这里分享两个做爬虫的函数,一个用来拿到cookie,另一个用cookie拿到网页内容。
1.登录后需要记下网站的cookie,这是个获得cookie的小工具。使用它的前提是你已经完成登录过程,比如用WebBrowser控件完成了用户名、密码的登录(参考这里)。参数中url是可以登录的页面地址,errmsg是目标网站可能返回的出错信息,比如“错误”“未登录”之类。返回值是cookie字符串。
Private Declare Function InternetGetCookieEx Lib "wininet.dll" Alias "InternetGetCookieExA" (ByVal url As String, ByVal cookieName As String, ByVal cookieData As String, ByRef size As Long, ByVal flags As Long, ByVal pReserved As Long) As Boolean
Private Const INTERNET_COOKIE_HTTPONLY As Integer = 8192
Function getCookie(url As String, errmsg As String) As String
Dim cookietmp As String * 8192
Dim dummy As Variant
Dim pcchCookiedata As Long
pcchCookiedata = 8192
Dim HTTP As Object
On Error GoTo errhandler
Set HTTP = CreateObject("msxml2.xmlhttp.6.0")

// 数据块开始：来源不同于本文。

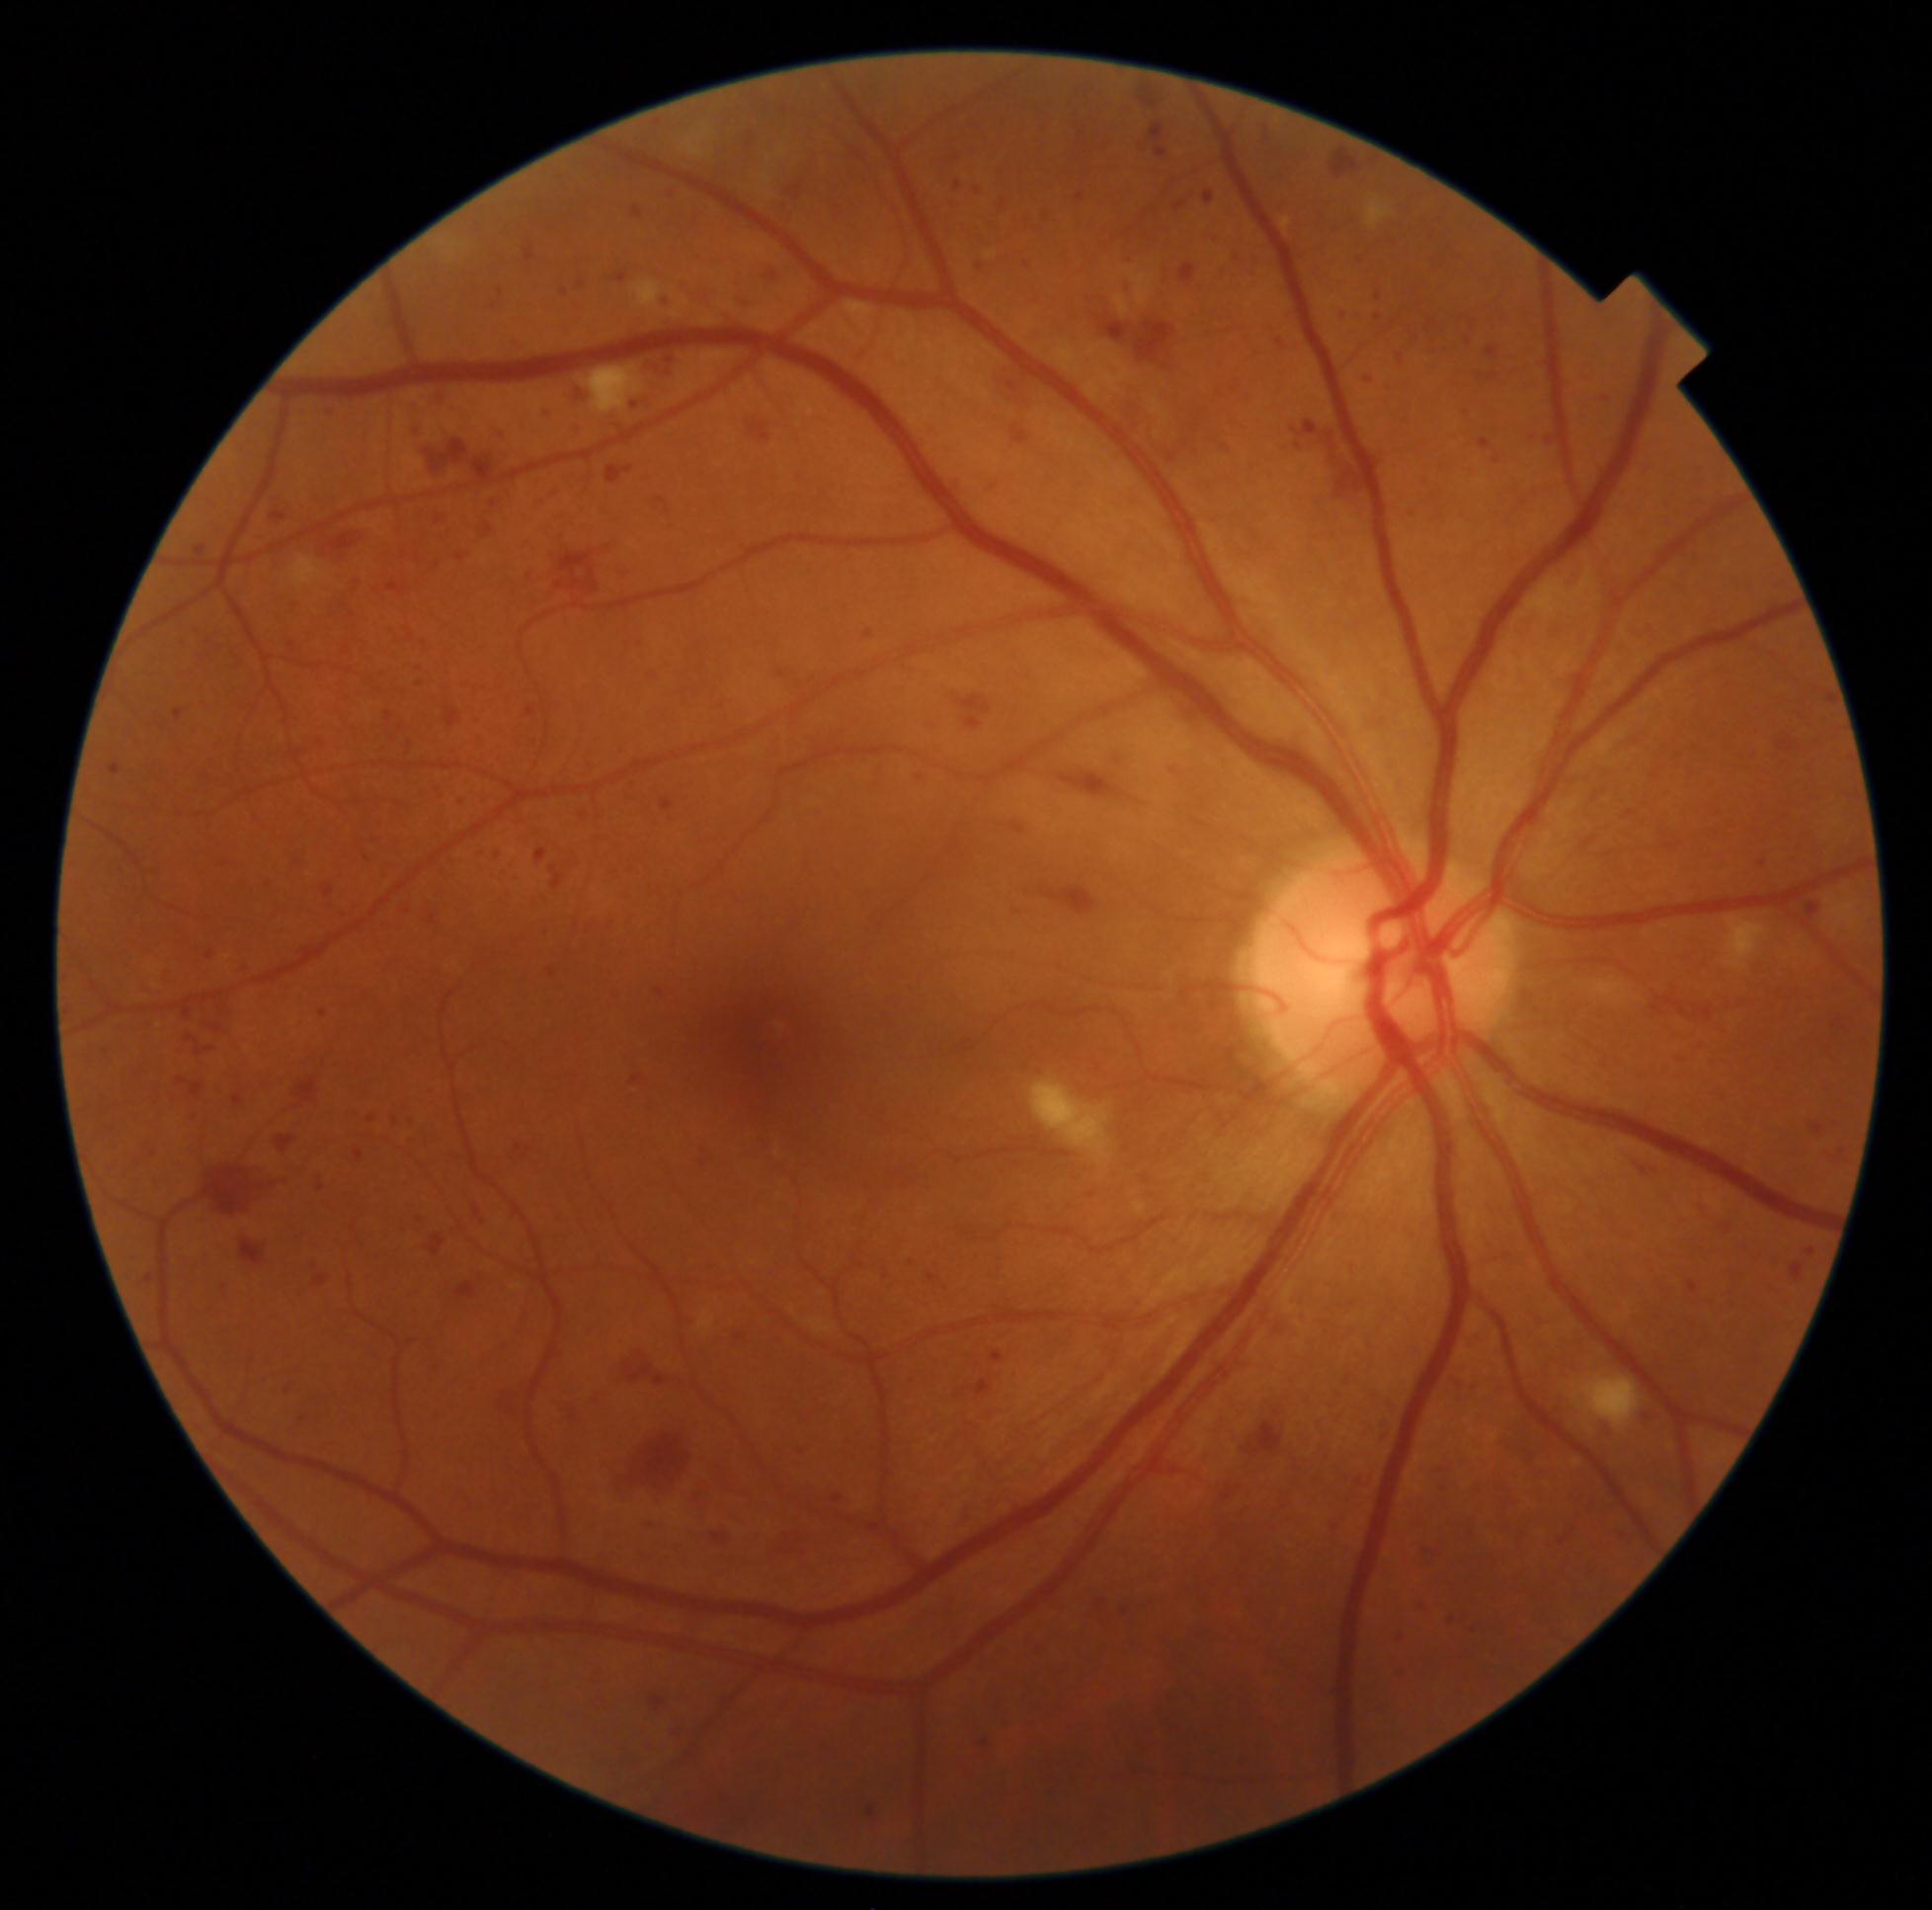 <lesions partial="true">
  <dr_grade>3</dr_grade>
  <he partial="true">x1=1393, y1=350, x2=1406, y2=367 | x1=413, y1=662, x2=425, y2=671 | x1=195, y1=865, x2=207, y2=881 | x1=696, y1=1436, x2=784, y2=1522 | x1=1481, y1=312, x2=1509, y2=335 | x1=607, y1=465, x2=634, y2=485 | x1=612, y1=985, x2=625, y2=1004 | x1=952, y1=1498, x2=981, y2=1534 | x1=641, y1=1520, x2=668, y2=1531 | x1=663, y1=799, x2=674, y2=812 | x1=109, y1=765, x2=123, y2=777 | x1=1110, y1=385, x2=1150, y2=435 | x1=413, y1=1213, x2=429, y2=1233 | x1=201, y1=945, x2=223, y2=963 | x1=320, y1=403, x2=340, y2=425 | x1=657, y1=990, x2=665, y2=997 | x1=484, y1=524, x2=495, y2=538 | x1=402, y1=1135, x2=424, y2=1151</he>
  <he_small>pt(411, 745) | pt(1103, 1603)</he_small>
</lesions>
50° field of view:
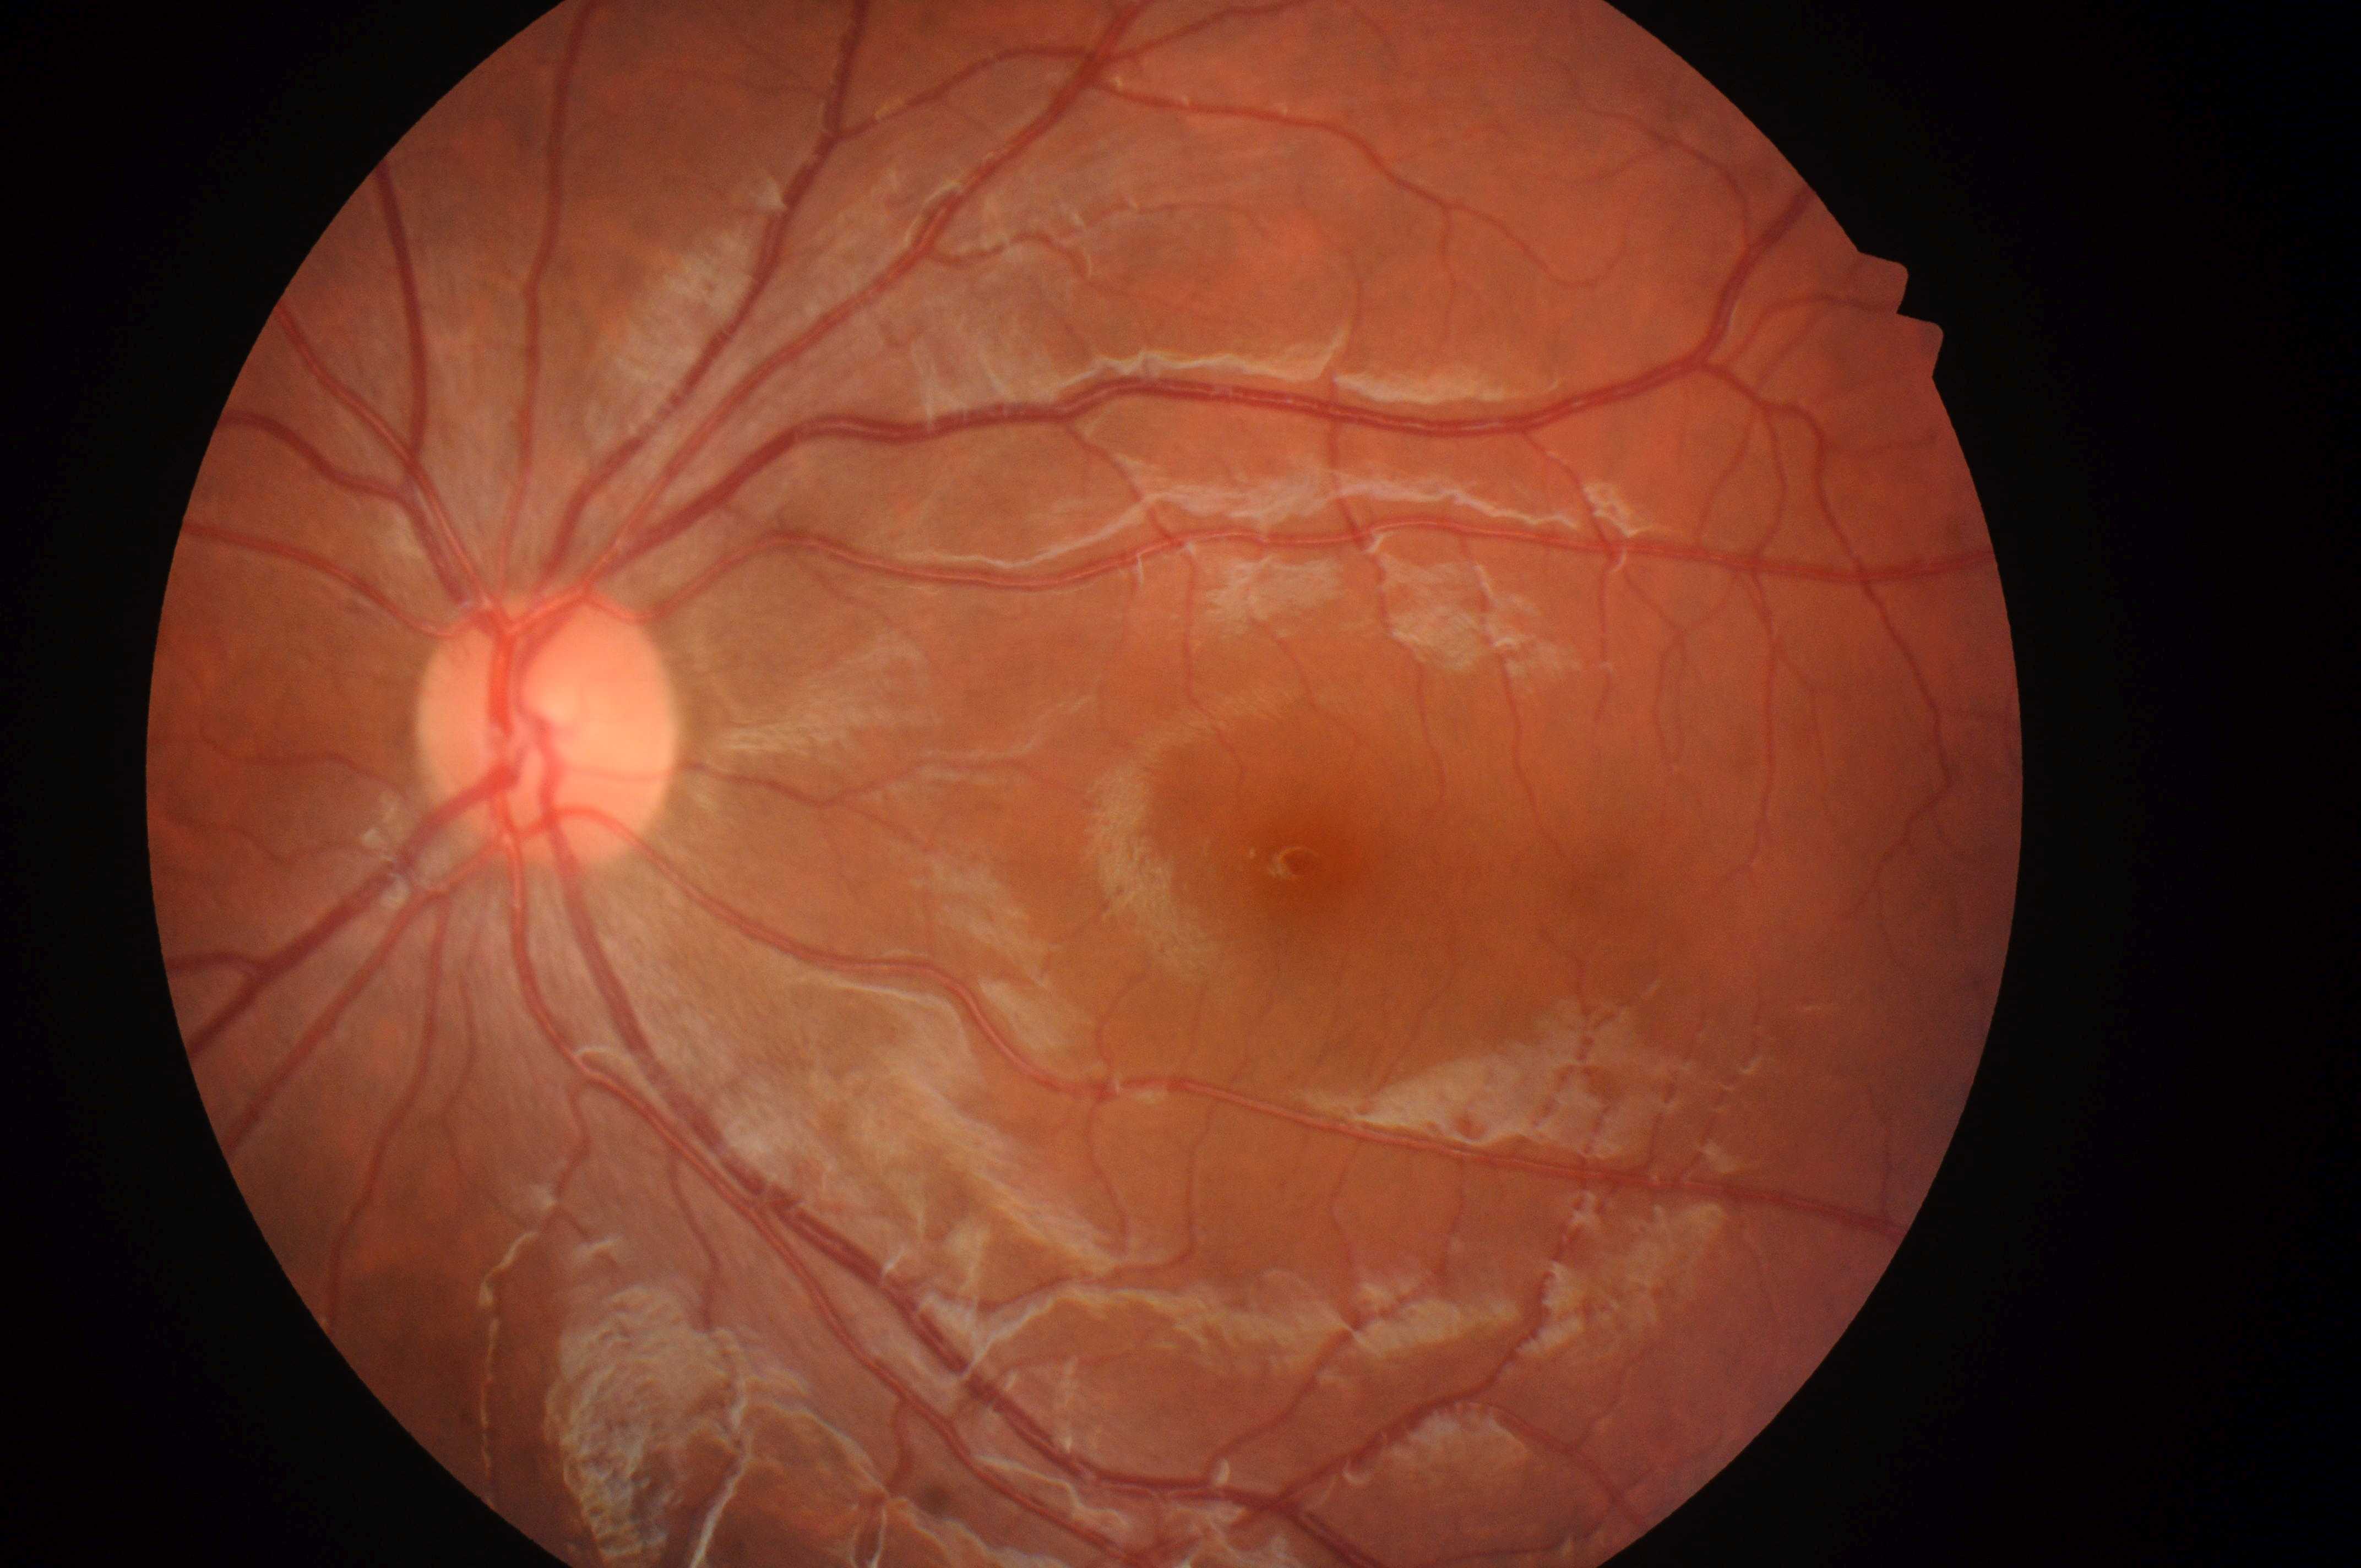 Optic nerve head: 540, 738. Risk of macular edema: 0/2. No signs of diabetic retinopathy or diabetic macular edema. Fovea: 1303, 864. Diabetic retinopathy grade: 0/4. The image shows the oculus sinister.

HTTP.Open "get", url, False
HTTP.send
If InStr(1, HTTP.responsetext, errmsg) <> 0 Or HTTP.responsetext = "" Then
getCookie = ""
Else
If Not InternetGetCookieEx(url, vbNullString, cookietmp, pcchCookiedata, INTERNET_COOKIE_HTTPONLY, 0) Then
dummy = InternetGetCookieEx(url, vbNullString, vbNullString, pcchCookiedata, INTERNET_COOKIE_HTTPONLY, 0)
End If
getCookie = Mid(cookietmp, 1, pcchCookiedata - 1)
End If
Set HTTP = Nothing
Exit Function
errhandler:
getCookie = ""
Exit Function
End Function
2.拿到cookie后,就可以用它访问需要登录的网页,用这个函数拿到网页的响应。其中errmsg是目标网页可能给出的出错信息,nRetry是出错后你能接受的最大重试次数。注意,xmlhttp是不支持cookie的,必须用serverxmlhttp。
Function httpRequest(url, cookie, errmsg, nRetry)
Dim HTTP
On Error Resume Next
For j = 0 To nRetry - 1
Set HTTP = Nothing
Set HTTP = CreateObject("msxml2.serverxmlhttp.6.0")
Err.Clear
HTTP.setTimeouts 0, 5000, 5000, 15000
HTTP.Open "get", url, True
HTTP.setRequestHeader "Cookie", cookie
HTTP.setRequestHeader "Connection", "keep-alive"
HTTP.send
If HTTP.waitForResponse(15) = False Then
HTTP.abort
temp = ""
Else
temp = HTTP.responsetext
End If
errFlag = Err.Description <> "" Or Len(temp) = 0 Or InStr(1, temp, errmsg) <> 0
If errFlag = False Then
Set HTTP = Nothing
httpRequest = temp
nRetry = j
Exit Function
End If
Next 'j
Set HTTP = Nothing
httpRequest = temp
End Function
以上。
爬的老狼
感谢分享! 非常棒!
咋不行呢,返回未登录!
老狼您好,请教一下,第一个获取cookie的函数,我用Chrome登录某网站后,获取的cookie不是登录状态的。我猜想函数获取的只能是WebBrowser或者IE登录的cookie。但问题是,现在微软已不再对IE维护了,我需要登录的网站,无法用IE或者WebBrowser打开。请问还有别的函数吗?
谢谢!
我不知道VBA怎么调用IE之外的浏览器。要么试试用chrome登录后,手动获取cookie,把它放在VBA里?
是的,目前我就是用手动获取。原来的宏能用是能用。但把宏给其他人使用时,我要解释如何手动获取,比较费事。
另外我也用想用Selenium获取cookie,但目标网站能识别Selenium,然后就不返回数据。
有个SeleniumBasic,试试看?